**ABOUT THIS EXERCISE:** What you need to produce from the material below is an exact transcription of the lines from the one with "#1257 = ORIENTED_EDGE( '', *, *, #2014, .T." through the one with "#2472 = LINE( '', #3118, #3119 );", both included, and no other line.
↓
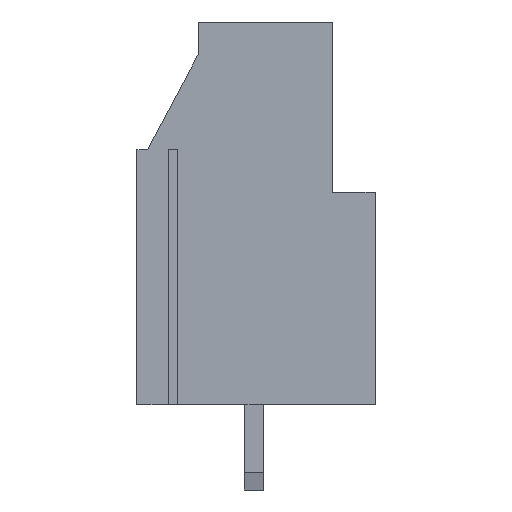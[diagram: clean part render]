
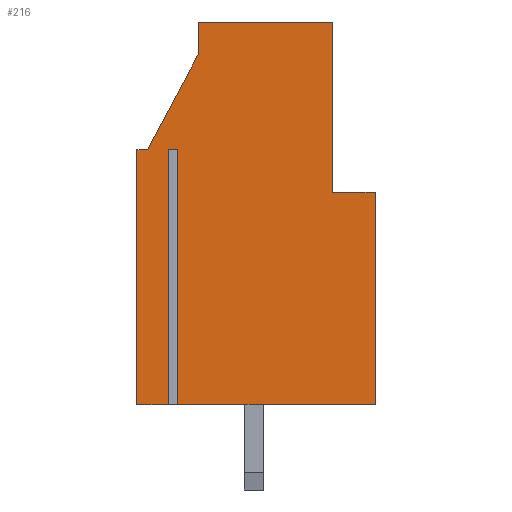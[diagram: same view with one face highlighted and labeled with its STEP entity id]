
A CAD part, front view. The second image highlights one B-rep face of the part: STEP entity #216.
In plain terms, the highlighted planar face has unit normal (0, -1, 0).
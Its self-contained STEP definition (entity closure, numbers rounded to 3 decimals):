
#216 = ADVANCED_FACE( '', ( #466 ), #467, .T. );
#466 = FACE_OUTER_BOUND( '', #764, .T. );
#467 = PLANE( '', #765 );
#764 = EDGE_LOOP( '', ( #1248, #1249, #1250, #1251, #1252, #1253, #1254, #1255, #1256, #1257, #1258, #1259, #1260 ) );
#765 = AXIS2_PLACEMENT_3D( '', #1261, #1262, #1263 );
#1248 = ORIENTED_EDGE( '', *, *, #2008, .T. );
#1249 = ORIENTED_EDGE( '', *, *, #1845, .T. );
#1250 = ORIENTED_EDGE( '', *, *, #2009, .F. );
#1251 = ORIENTED_EDGE( '', *, *, #2010, .T. );
#1252 = ORIENTED_EDGE( '', *, *, #2011, .F. );
#1253 = ORIENTED_EDGE( '', *, *, #2012, .F. );
#1254 = ORIENTED_EDGE( '', *, *, #1868, .T. );
#1255 = ORIENTED_EDGE( '', *, *, #2013, .T. );
#1256 = ORIENTED_EDGE( '', *, *, #2000, .T. );
#1257 = ORIENTED_EDGE( '', *, *, #2014, .T. );
#1258 = ORIENTED_EDGE( '', *, *, #2015, .T. );
#1259 = ORIENTED_EDGE( '', *, *, #2016, .F. );
#1260 = ORIENTED_EDGE( '', *, *, #2017, .F. );
#1261 = CARTESIAN_POINT( '', ( 0., -7.62, 0. ) );
#1262 = DIRECTION( '', ( 0., -1., 0. ) );
#1263 = DIRECTION( '', ( 0., 0., -1. ) );
#1845 = EDGE_CURVE( '', #2197, #2194, #2198, .T. );
#1868 = EDGE_CURVE( '', #2239, #2237, #2240, .T. );
#2000 = EDGE_CURVE( '', #2459, #2460, #2461, .T. );
#2008 = EDGE_CURVE( '', #2471, #2197, #2472, .T. );
#2009 = EDGE_CURVE( '', #2473, #2194, #2474, .T. );
#2010 = EDGE_CURVE( '', #2473, #2475, #2476, .T. );
#2011 = EDGE_CURVE( '', #2477, #2475, #2478, .T. );
#2012 = EDGE_CURVE( '', #2239, #2477, #2479, .T. );
#2013 = EDGE_CURVE( '', #2237, #2459, #2480, .T. );
#2014 = EDGE_CURVE( '', #2460, #2481, #2482, .T. );
#2015 = EDGE_CURVE( '', #2481, #2483, #2484, .T. );
#2016 = EDGE_CURVE( '', #2485, #2483, #2486, .T. );
#2017 = EDGE_CURVE( '', #2471, #2485, #2487, .T. );
#2194 = VERTEX_POINT( '', #2714 );
#2197 = VERTEX_POINT( '', #2718 );
#2198 = LINE( '', #2719, #2720 );
#2237 = VERTEX_POINT( '', #2775 );
#2239 = VERTEX_POINT( '', #2778 );
#2240 = LINE( '', #2779, #2780 );
#2459 = VERTEX_POINT( '', #3099 );
#2460 = VERTEX_POINT( '', #3100 );
#2461 = LINE( '', #3101, #3102 );
#2471 = VERTEX_POINT( '', #3117 );
#2472 = LINE( '', #3118, #3119 );
#2473 = VERTEX_POINT( '', #3120 );
#2474 = LINE( '', #3121, #3122 );
#2475 = VERTEX_POINT( '', #3123 );
#2476 = LINE( '', #3124, #3125 );
#2477 = VERTEX_POINT( '', #3126 );
#2478 = LINE( '', #3127, #3128 );
#2479 = LINE( '', #3129, #3130 );
#2480 = LINE( '', #3131, #3132 );
#2481 = VERTEX_POINT( '', #3133 );
#2482 = LINE( '', #3134, #3135 );
#2483 = VERTEX_POINT( '', #3136 );
#2484 = LINE( '', #3137, #3138 );
#2485 = VERTEX_POINT( '', #3139 );
#2486 = LINE( '', #3140, #3141 );
#2487 = LINE( '', #3142, #3143 );
#2714 = CARTESIAN_POINT( '', ( 1.93, -7.62, 0. ) );
#2718 = CARTESIAN_POINT( '', ( 1.93, -7.62, 12. ) );
#2719 = CARTESIAN_POINT( '', ( 1.93, -7.62, 12. ) );
#2720 = VECTOR( '', #3455, 1000. );
#2775 = CARTESIAN_POINT( '', ( 2.9, -7.62, 18. ) );
#2778 = CARTESIAN_POINT( '', ( 9.2, -7.62, 18. ) );
#2779 = CARTESIAN_POINT( '', ( 11.2, -7.62, 18. ) );
#2780 = VECTOR( '', #3476, 1000. );
#3099 = CARTESIAN_POINT( '', ( 2.9, -7.62, 16.5 ) );
#3100 = CARTESIAN_POINT( '', ( 0.5, -7.62, 12. ) );
#3101 = CARTESIAN_POINT( '', ( -3.824, -7.62, 3.893 ) );
#3102 = VECTOR( '', #3604, 1000. );
#3117 = CARTESIAN_POINT( '', ( 1.47, -7.62, 12. ) );
#3118 = CARTESIAN_POINT( '', ( 1.47, -7.62, 12. ) );
#3119 = VECTOR( '', #3610, 1000. );
#3120 = CARTESIAN_POINT( '', ( 11.2, -7.62, 0. ) );
#3121 = CARTESIAN_POINT( '', ( 1.741, -7.62, 0. ) );
#3122 = VECTOR( '', #3611, 1000. );
#3123 = CARTESIAN_POINT( '', ( 11.2, -7.62, 10. ) );
#3124 = CARTESIAN_POINT( '', ( 11.2, -7.62, -4. ) );
#3125 = VECTOR( '', #3612, 1000. );
#3126 = CARTESIAN_POINT( '', ( 9.2, -7.62, 10. ) );
#3127 = CARTESIAN_POINT( '', ( 9.447, -7.62, 10. ) );
#3128 = VECTOR( '', #3613, 1000. );
#3129 = CARTESIAN_POINT( '', ( 9.2, -7.62, 18. ) );
#3130 = VECTOR( '', #3614, 1000. );
#3131 = CARTESIAN_POINT( '', ( 2.9, -7.62, -1. ) );
#3132 = VECTOR( '', #3615, 1000. );
#3133 = CARTESIAN_POINT( '', ( 0., -7.62, 12. ) );
#3134 = CARTESIAN_POINT( '', ( 5.35, -7.62, 12. ) );
#3135 = VECTOR( '', #3616, 1000. );
#3136 = CARTESIAN_POINT( '', ( 0., -7.62, 0. ) );
#3137 = CARTESIAN_POINT( '', ( 0., -7.62, 18. ) );
#3138 = VECTOR( '', #3617, 1000. );
#3139 = CARTESIAN_POINT( '', ( 1.47, -7.62, 0. ) );
#3140 = CARTESIAN_POINT( '', ( 1.741, -7.62, 0. ) );
#3141 = VECTOR( '', #3618, 1000. );
#3142 = CARTESIAN_POINT( '', ( 1.47, -7.62, 12. ) );
#3143 = VECTOR( '', #3619, 1000. );
#3455 = DIRECTION( '', ( 0., 0., -1. ) );
#3476 = DIRECTION( '', ( -1., 0., 0. ) );
#3604 = DIRECTION( '', ( -0.471, 0., -0.882 ) );
#3610 = DIRECTION( '', ( 1., 0., 0. ) );
#3611 = DIRECTION( '', ( -1., 0., 0. ) );
#3612 = DIRECTION( '', ( 0., 0., 1. ) );
#3613 = DIRECTION( '', ( 1., 0., 0. ) );
#3614 = DIRECTION( '', ( 0., 0., -1. ) );
#3615 = DIRECTION( '', ( 0., 0., -1. ) );
#3616 = DIRECTION( '', ( -1., 0., 0. ) );
#3617 = DIRECTION( '', ( 0., 0., -1. ) );
#3618 = DIRECTION( '', ( -1., 0., 0. ) );
#3619 = DIRECTION( '', ( 0., 0., -1. ) );
↑
**ANSWER TO THIS TASK:**
#1257 = ORIENTED_EDGE( '', *, *, #2014, .T. );
#1258 = ORIENTED_EDGE( '', *, *, #2015, .T. );
#1259 = ORIENTED_EDGE( '', *, *, #2016, .F. );
#1260 = ORIENTED_EDGE( '', *, *, #2017, .F. );
#1261 = CARTESIAN_POINT( '', ( 0., -7.62, 0. ) );
#1262 = DIRECTION( '', ( 0., -1., 0. ) );
#1263 = DIRECTION( '', ( 0., 0., -1. ) );
#1845 = EDGE_CURVE( '', #2197, #2194, #2198, .T. );
#1868 = EDGE_CURVE( '', #2239, #2237, #2240, .T. );
#2000 = EDGE_CURVE( '', #2459, #2460, #2461, .T. );
#2008 = EDGE_CURVE( '', #2471, #2197, #2472, .T. );
#2009 = EDGE_CURVE( '', #2473, #2194, #2474, .T. );
#2010 = EDGE_CURVE( '', #2473, #2475, #2476, .T. );
#2011 = EDGE_CURVE( '', #2477, #2475, #2478, .T. );
#2012 = EDGE_CURVE( '', #2239, #2477, #2479, .T. );
#2013 = EDGE_CURVE( '', #2237, #2459, #2480, .T. );
#2014 = EDGE_CURVE( '', #2460, #2481, #2482, .T. );
#2015 = EDGE_CURVE( '', #2481, #2483, #2484, .T. );
#2016 = EDGE_CURVE( '', #2485, #2483, #2486, .T. );
#2017 = EDGE_CURVE( '', #2471, #2485, #2487, .T. );
#2194 = VERTEX_POINT( '', #2714 );
#2197 = VERTEX_POINT( '', #2718 );
#2198 = LINE( '', #2719, #2720 );
#2237 = VERTEX_POINT( '', #2775 );
#2239 = VERTEX_POINT( '', #2778 );
#2240 = LINE( '', #2779, #2780 );
#2459 = VERTEX_POINT( '', #3099 );
#2460 = VERTEX_POINT( '', #3100 );
#2461 = LINE( '', #3101, #3102 );
#2471 = VERTEX_POINT( '', #3117 );
#2472 = LINE( '', #3118, #3119 );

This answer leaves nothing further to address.